No, you are not wrong, but I believe in software there is always a balance. If
I have a problem, and you've said you would fix it, it is reasonable for me to
expect some things out of our arrangement: dates, notifications, whatever. It
varies by how anal I am and how much I trust you or don't trust you to make my
problem go away.

Even if there is no customer-vendor relationship, let's say you are working on
your own for your own startup, or you are doing your own thing for Google or
somebody. Even then you still have to meet some dates. Once you promise a
beta, guess what? Code's gotta happen between now and then. If people ask you
what you're doing, it might help to have a powerpoint, email, song, or
something to be able to explain what your plan is.

I don't know if you're a prima donna or not, but I do know that early in my
programming experience, I thought code was an art form. Later on I realized
that they call it software engineering for a reason: you can make solutions
happen with some kind of repeatability.
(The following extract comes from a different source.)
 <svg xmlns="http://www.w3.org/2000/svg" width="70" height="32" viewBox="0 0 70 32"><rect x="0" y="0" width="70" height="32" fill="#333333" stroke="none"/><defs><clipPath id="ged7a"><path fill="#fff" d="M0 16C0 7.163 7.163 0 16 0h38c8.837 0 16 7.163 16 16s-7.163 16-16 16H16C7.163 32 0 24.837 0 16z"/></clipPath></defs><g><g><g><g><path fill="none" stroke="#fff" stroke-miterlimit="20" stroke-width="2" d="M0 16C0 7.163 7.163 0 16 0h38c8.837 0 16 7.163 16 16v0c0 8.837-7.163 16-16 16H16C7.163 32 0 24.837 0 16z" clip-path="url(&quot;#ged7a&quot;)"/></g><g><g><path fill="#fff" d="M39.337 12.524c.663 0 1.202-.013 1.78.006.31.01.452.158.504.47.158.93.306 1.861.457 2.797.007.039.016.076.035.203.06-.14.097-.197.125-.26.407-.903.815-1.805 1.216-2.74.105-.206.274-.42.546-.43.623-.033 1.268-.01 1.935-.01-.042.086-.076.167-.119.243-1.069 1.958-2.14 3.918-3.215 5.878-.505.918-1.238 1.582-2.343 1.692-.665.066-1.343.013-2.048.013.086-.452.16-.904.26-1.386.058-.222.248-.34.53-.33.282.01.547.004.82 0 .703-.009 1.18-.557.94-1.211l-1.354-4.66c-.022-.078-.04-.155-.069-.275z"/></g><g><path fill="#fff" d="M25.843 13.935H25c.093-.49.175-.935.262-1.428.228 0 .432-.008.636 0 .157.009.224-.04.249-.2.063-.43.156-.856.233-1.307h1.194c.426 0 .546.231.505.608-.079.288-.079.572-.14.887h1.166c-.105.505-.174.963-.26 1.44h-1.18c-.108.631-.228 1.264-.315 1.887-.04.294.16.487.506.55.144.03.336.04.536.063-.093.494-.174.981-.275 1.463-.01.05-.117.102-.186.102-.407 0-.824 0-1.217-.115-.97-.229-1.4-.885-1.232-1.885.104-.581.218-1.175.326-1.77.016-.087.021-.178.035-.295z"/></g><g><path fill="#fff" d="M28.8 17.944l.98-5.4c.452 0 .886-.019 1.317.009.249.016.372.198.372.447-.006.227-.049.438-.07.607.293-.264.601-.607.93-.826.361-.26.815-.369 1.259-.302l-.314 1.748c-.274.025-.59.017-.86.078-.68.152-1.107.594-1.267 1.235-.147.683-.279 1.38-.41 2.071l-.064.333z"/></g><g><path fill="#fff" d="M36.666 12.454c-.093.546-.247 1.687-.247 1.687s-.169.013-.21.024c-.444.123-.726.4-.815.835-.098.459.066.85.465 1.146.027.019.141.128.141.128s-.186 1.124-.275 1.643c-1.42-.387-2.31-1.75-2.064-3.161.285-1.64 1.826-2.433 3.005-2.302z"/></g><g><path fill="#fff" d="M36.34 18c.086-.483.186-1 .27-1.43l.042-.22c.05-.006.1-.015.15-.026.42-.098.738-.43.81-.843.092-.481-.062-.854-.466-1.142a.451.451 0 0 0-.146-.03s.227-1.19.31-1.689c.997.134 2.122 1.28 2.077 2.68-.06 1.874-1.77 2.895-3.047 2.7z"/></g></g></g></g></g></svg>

That doesn't mean there isn't
creativity involved, but it means that sometimes we flatter ourselves with
thinking we're being creative when really we're just reinventing the wheel and
putting our name on it.

Think of it like writing a piece of music. You can be as creative as you want,
but still there is a lot of pre-existing stuff that you must deal with:
measures, notation, instruments, schedules, patrons, etc. Yes -- you can throw
any and all of that away, but THAT only works if you understand what each part
contributes. So there's no free ride: you just can't declare yourself creative
and immune to the imposition of the rest of reality. So yes, you can expect
somebody to ask for dates, requirements, etc -- that's what outsiders always
do. I imagine some places are worse about it than others.

That's just my opinion, for what it's worth.